_Requirement_
If a line of the listing contains the string "letters", return that line.

_Records for this exercise_
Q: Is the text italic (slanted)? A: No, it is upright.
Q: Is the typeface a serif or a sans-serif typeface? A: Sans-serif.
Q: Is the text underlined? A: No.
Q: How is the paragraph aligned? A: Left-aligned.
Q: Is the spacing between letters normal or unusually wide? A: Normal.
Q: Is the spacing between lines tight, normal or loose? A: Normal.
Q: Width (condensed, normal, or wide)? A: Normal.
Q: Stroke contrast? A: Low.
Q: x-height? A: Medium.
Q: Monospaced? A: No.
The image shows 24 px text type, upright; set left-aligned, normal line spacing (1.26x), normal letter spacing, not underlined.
==
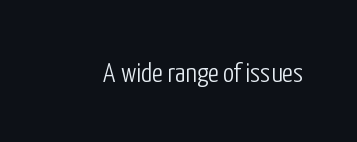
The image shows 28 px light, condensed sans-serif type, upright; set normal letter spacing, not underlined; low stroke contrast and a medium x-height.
...
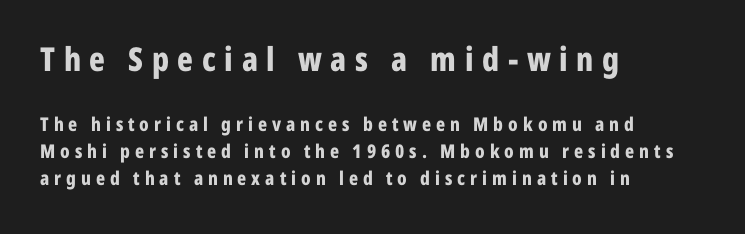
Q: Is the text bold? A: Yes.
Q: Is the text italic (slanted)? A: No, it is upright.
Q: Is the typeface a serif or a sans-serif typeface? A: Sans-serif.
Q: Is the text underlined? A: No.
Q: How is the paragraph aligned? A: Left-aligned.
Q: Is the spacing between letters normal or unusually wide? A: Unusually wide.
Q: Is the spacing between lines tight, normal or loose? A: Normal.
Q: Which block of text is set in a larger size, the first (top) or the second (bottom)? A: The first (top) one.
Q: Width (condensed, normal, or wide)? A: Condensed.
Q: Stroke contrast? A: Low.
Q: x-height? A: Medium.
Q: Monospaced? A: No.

_Answer box_
Q: Is the spacing between letters normal or unusually wide? A: Normal.
Q: Is the spacing between letters normal or unusually wide? A: Unusually wide.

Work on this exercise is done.